During World Wars I and II they were known as messenger pigeons; enemy soldiers would try to shoot the messenger pigeons out of the sky because they knew they were carrying important information that couldn't be transmitted secretly by radio communications. It was a dangerous job for those birds. The German military even employed hawks to intercept messages carried by the pigeons.
Medals were given out by the British for these heroics, called the Dikin Medal. Of the 49 Dikin Medals awarded from December 1943 to April 1947, 31 were awarded to pigeons. The Dikin Medal was created in the United Kingdom by Maria Dikin in 1943 "to acknowledge actions of gallantry or devotion during the Second World War and subsequent conflicts."
According to the American Racing Pigeon Union, "One United States Homing Pigeon, called 'G.I. Joe,' was awarded the Dikin Medal for bravery by the Lord Mayor of London for saving over 100 British soldiers in World War II. 'G.I. Joe' is the only bird or animal in the United States to be given this high award."
Pigeons are still being used today by the British and U.S. military troops. As the ARPU stated, "In March 2003, U.S. media reported that Marines stationed in Kuwait received an avian force - a company of pigeons. Meant to be the equivalent of a canary in a coalmine, the pigeons rode with their caretakers to detect chemical attack."

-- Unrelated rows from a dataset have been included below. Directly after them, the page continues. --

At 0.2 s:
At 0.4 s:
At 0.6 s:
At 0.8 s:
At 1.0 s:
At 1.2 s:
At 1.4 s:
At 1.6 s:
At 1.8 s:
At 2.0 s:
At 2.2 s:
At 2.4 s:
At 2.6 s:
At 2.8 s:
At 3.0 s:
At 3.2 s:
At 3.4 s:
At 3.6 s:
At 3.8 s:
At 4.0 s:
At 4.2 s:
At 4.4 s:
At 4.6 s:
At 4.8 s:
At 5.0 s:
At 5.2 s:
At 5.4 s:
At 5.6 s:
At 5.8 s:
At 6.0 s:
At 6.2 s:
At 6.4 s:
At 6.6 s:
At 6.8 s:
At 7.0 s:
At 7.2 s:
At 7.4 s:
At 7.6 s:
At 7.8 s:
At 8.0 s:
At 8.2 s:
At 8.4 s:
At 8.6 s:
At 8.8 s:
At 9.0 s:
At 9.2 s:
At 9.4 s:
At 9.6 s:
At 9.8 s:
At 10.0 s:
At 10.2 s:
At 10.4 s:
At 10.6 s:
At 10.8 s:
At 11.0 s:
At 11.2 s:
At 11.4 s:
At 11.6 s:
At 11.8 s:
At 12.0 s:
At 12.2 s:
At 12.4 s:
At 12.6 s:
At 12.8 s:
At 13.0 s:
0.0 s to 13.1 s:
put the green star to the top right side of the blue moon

If you would like to have your own homing pigeon race team, you can buy a team of six for $495 plus $85 shipping. Or you could buy a race team of six racing pigeons that are Belgium stock for $430 per six, plus shipping. If you really want exotic racing pigeons, you can buy a pair of Belgium or German stock birds for $212 each, but you can only buy by the pair plus shipping. That would be $224 plus $75 shipping.

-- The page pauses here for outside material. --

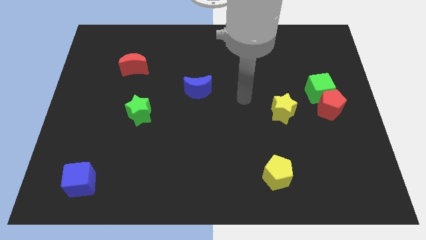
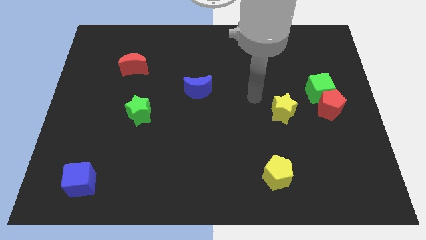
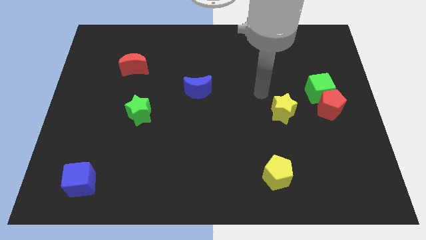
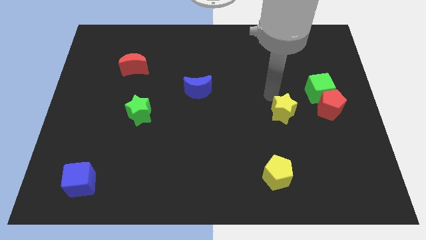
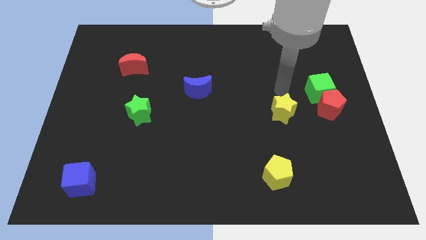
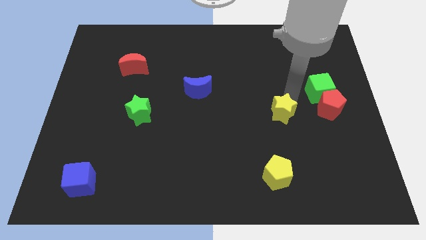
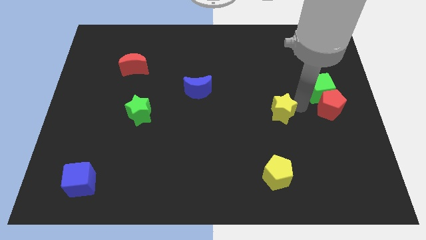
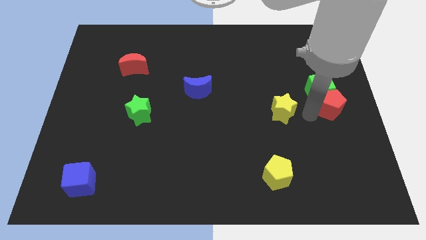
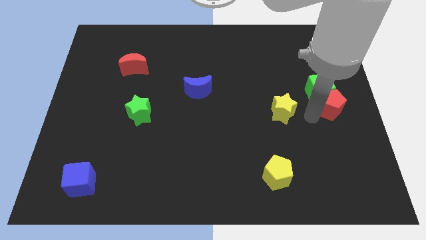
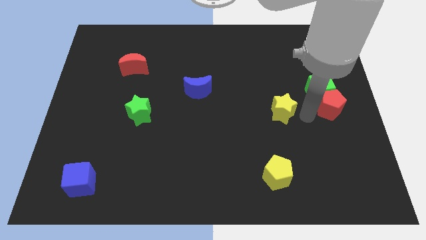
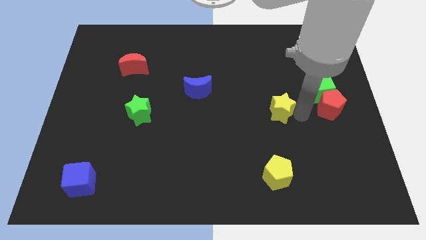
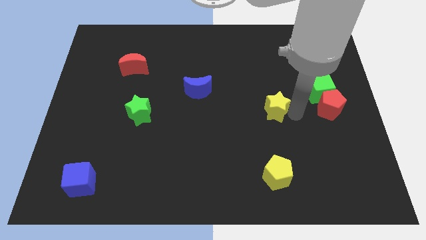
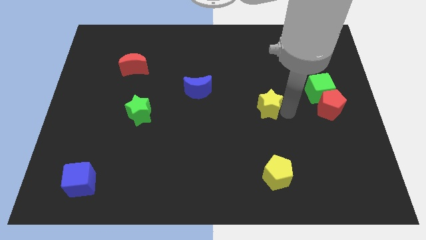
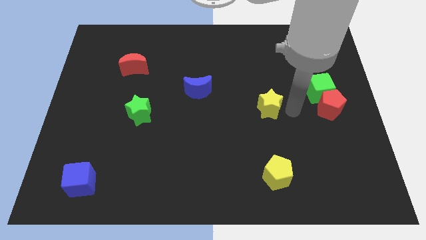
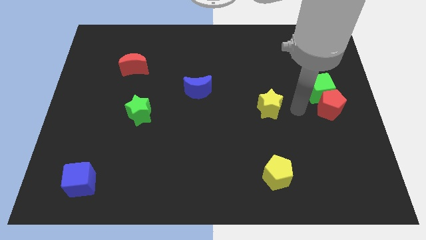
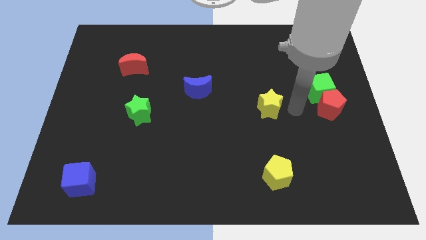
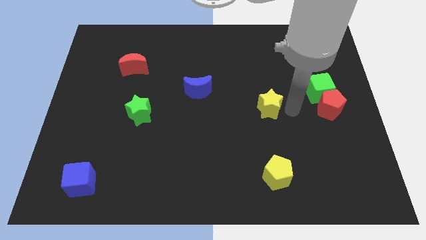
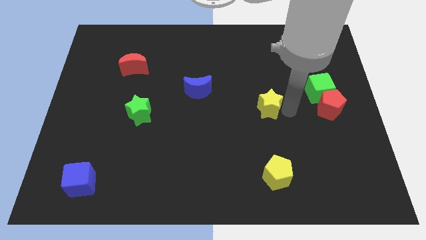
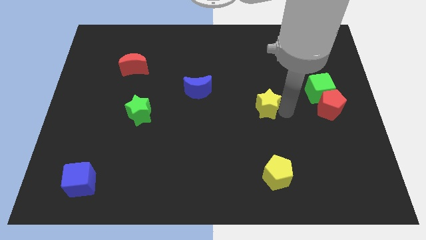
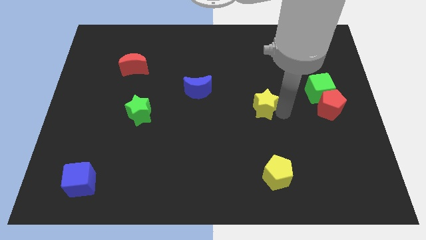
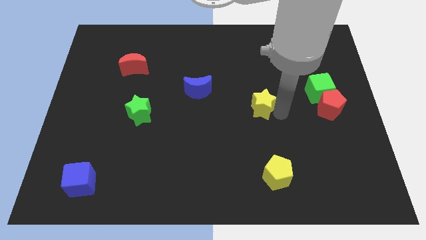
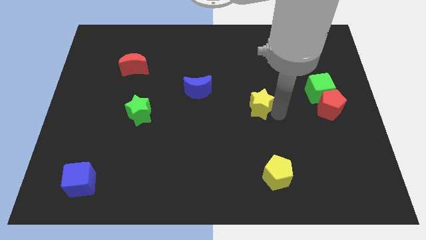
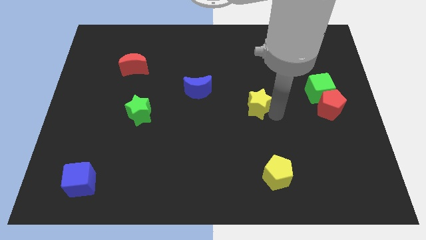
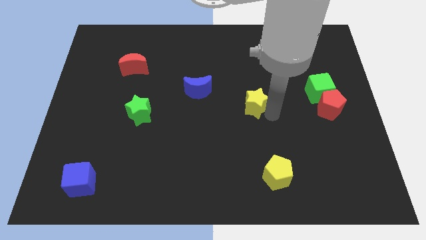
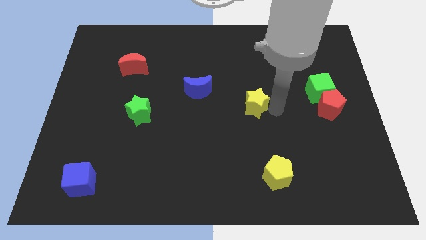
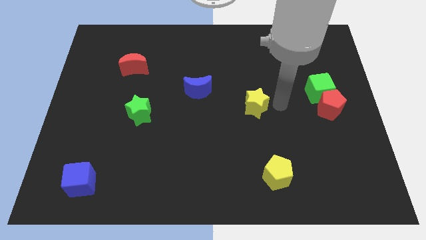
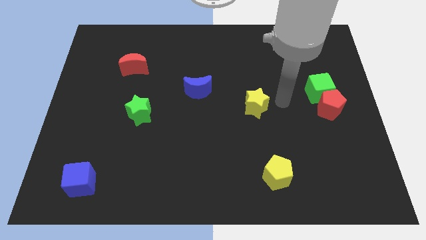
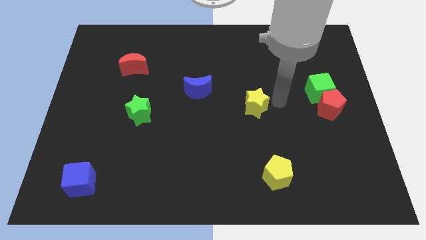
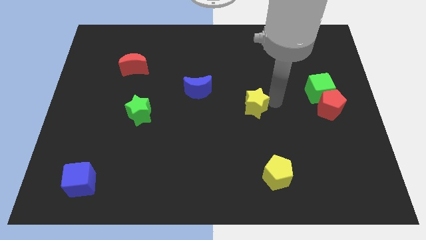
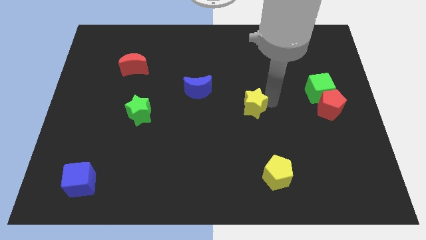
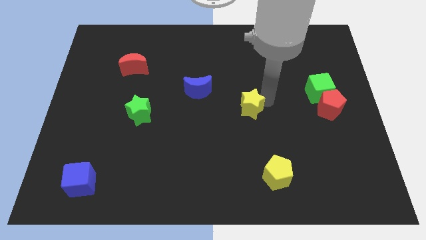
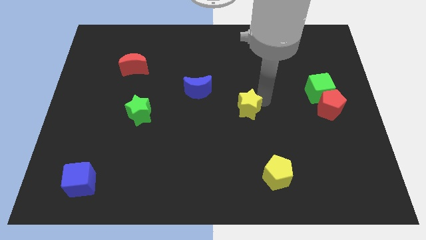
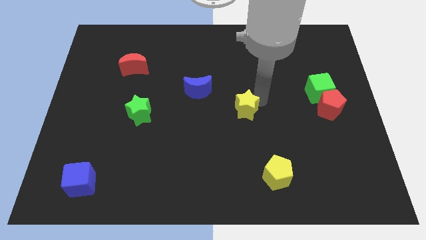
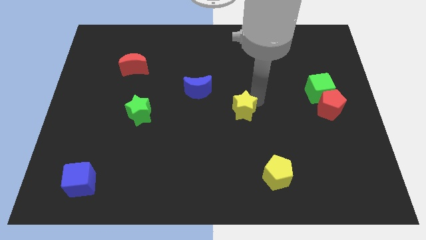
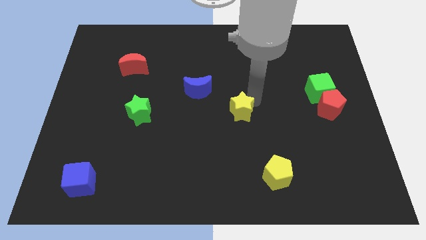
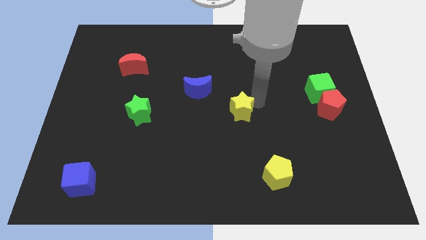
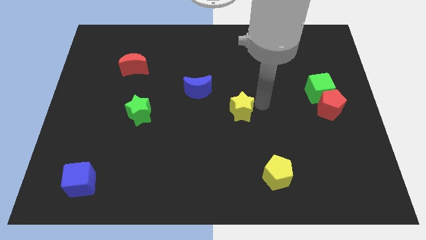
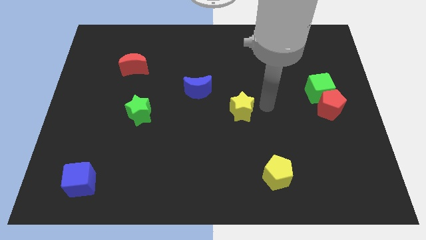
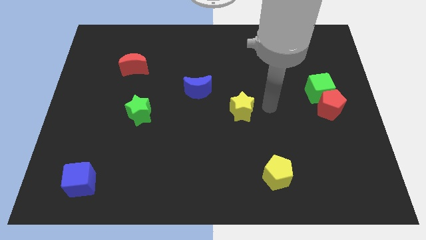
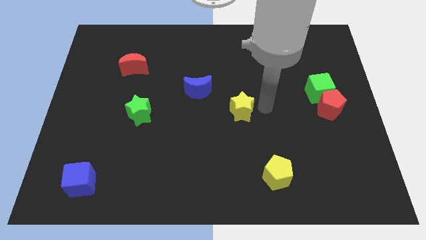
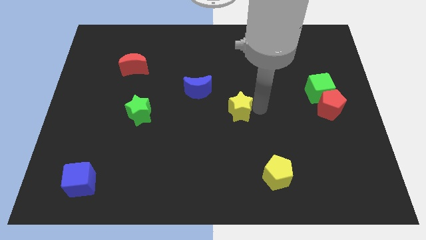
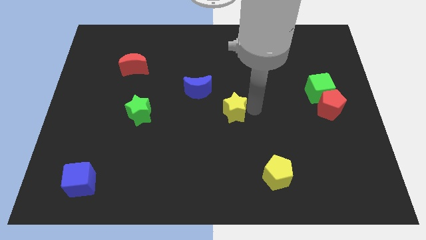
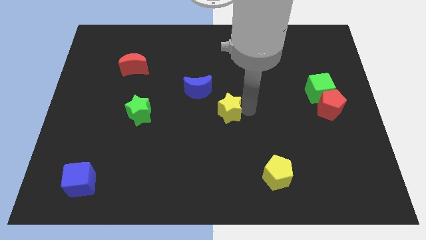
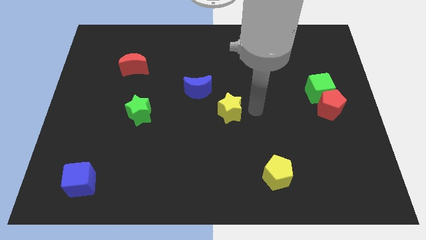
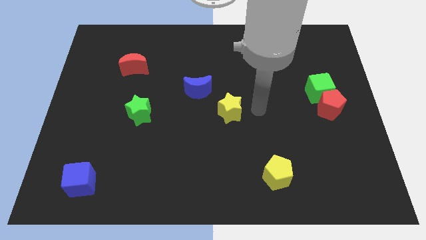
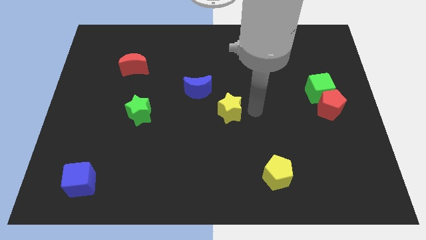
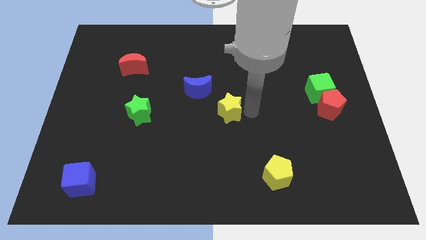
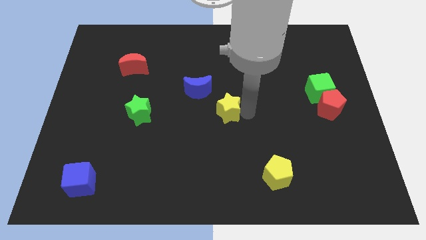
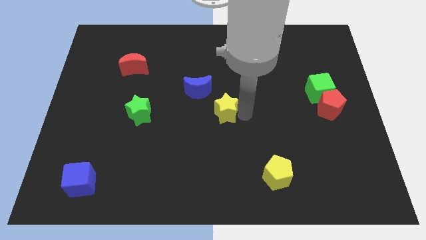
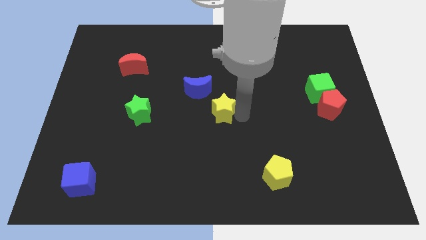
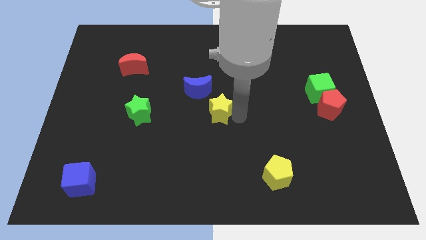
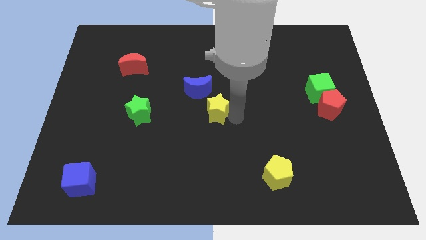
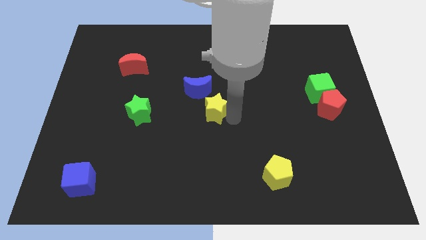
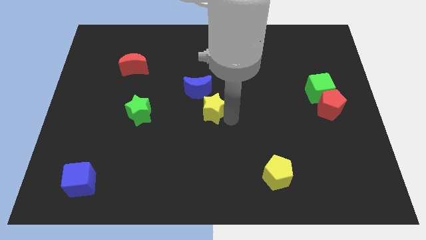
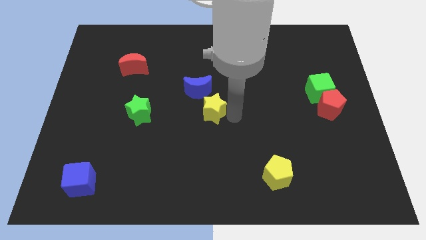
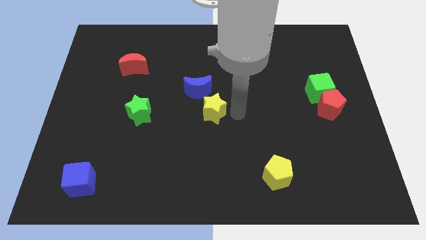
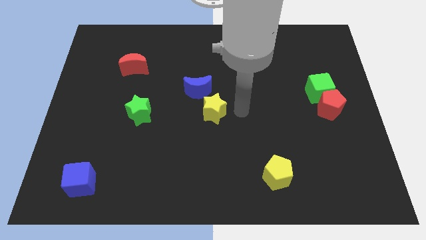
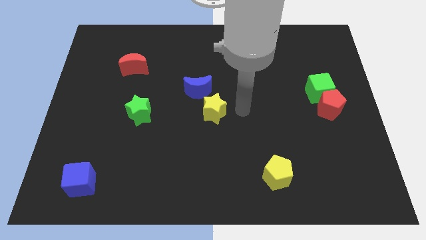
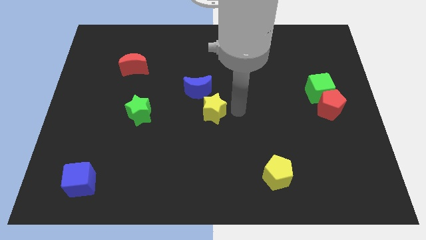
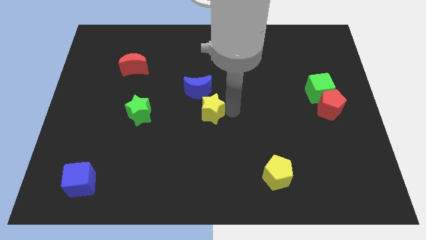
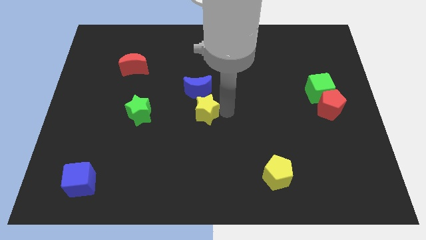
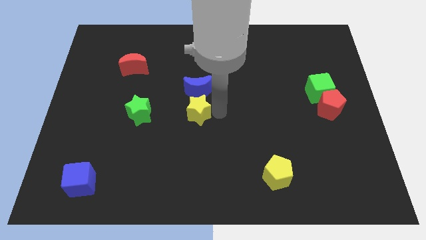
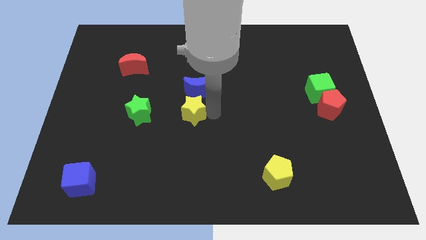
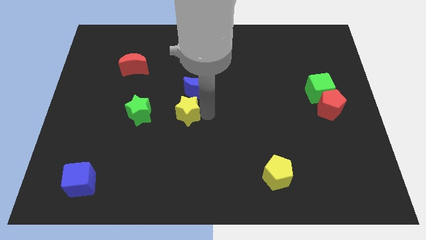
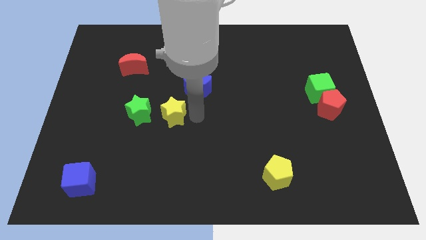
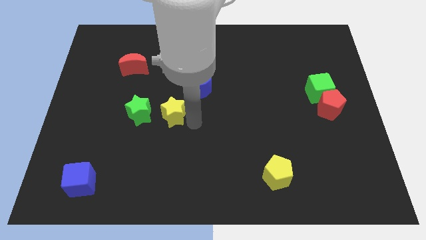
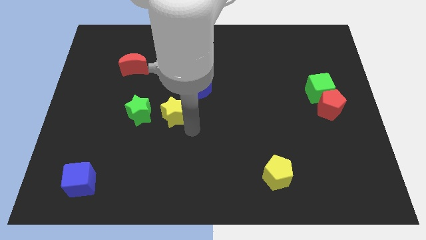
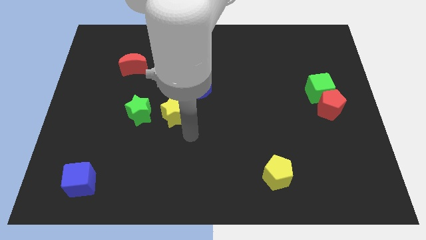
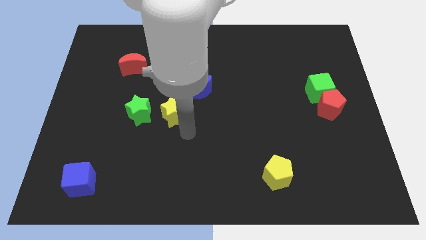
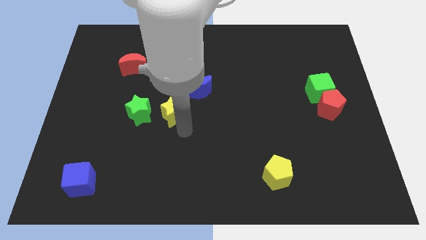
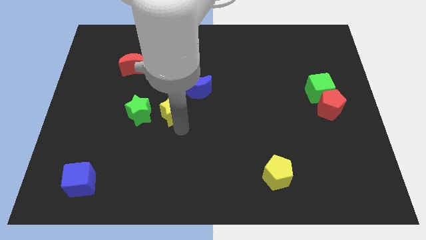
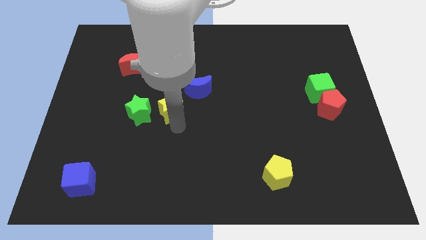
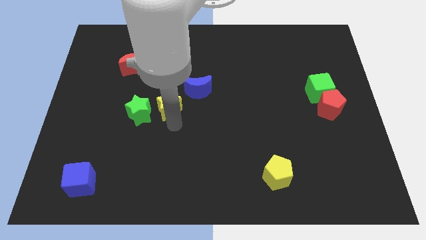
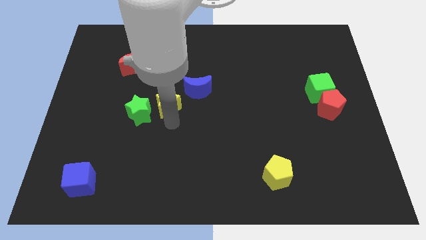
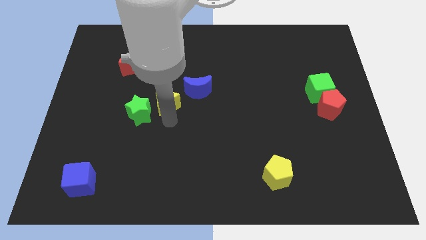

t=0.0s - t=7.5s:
slide the yellow star left of the blue moon

•The carrier pigeon breed was established some 3,000 years ago. It is believed they were brought to America in the early 1600s.
•White doves, those released in weddings and other special ceremonies, are considered white homing pigeons, and they'll fly right back to their trainer.
•The pigeon you see today that hang around parks, under bridges and by hay lifts are called "Rock Pigeons."
•From bill to tail, the average pigeon is about 13 inches. Males are bigger than females, and larger than doves.
•Scientists think that, once pigeons mate, they stay together for life.